Where is the new addition?

The new addition is located west of the Turkey Creek area and west of Narrows Road.

While the borders have always extended on this side of the road, there has not been enough room to create opportunities for public access. Now, with the new addition available, it will be possible.

What the expansion means for Turkey Creek

Birmingham Alabama
Charles Yeager of Turkey Creek. (Pat Byington / Bham Now)

Charles Yeager of Turkey Creek Nature Preserve told us about the positive impact the new addition will have. Here is some:

1. It will protect the wooded slopes above Turkey Creek.

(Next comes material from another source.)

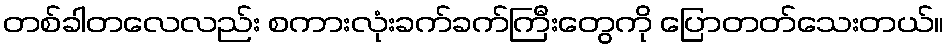
တစ်ခါတလေလည်း စကားလုံးခက်ခက်ကြီးတွေကို ပြောတတ်သေးတယ်။
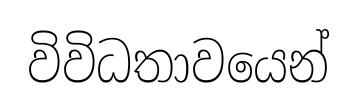
විවිධතාවයෙන්

Turkey Creek is home to a number of rare and endangered species, including:

  • 4 endangered fish species (another soon to be listed)
  • 2 endangered bats
  • 1 endangered turtle

By protecting the forested slopes above Turkey Creek, water quality and animals will also be protected.

2. It will present unique opportunities for forest management.

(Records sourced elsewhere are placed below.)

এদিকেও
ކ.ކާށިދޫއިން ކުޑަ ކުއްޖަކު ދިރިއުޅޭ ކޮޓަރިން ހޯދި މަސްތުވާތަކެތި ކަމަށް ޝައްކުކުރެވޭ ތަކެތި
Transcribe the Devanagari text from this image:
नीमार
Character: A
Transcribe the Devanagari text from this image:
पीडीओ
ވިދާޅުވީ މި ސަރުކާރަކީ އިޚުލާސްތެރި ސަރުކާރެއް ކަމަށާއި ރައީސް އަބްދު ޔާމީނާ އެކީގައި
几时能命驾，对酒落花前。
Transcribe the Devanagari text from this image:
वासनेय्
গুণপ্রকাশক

If possible, it is possible to plant and manage the new addition for montane longleaf pine. This is a rare habitat that is important to the state’s ecosystem.

3. The park will be able to expand its network of trails to meet the growing needs of its visitors.

“Prior to this addition, we had made the most of the territory’s 485 acres by adding over 5.5 miles of trail, including 3.2 miles of single-lane multi-use bike path. While these trails are well used and enjoyed, the most common request from hikers and cyclists is for more.

Charles Yeager, Turkey Creek Nature Preserve

Can’t wait to take advantage of the park’s new trail network?

Stream Turkey
Turkey stream. (Bham now)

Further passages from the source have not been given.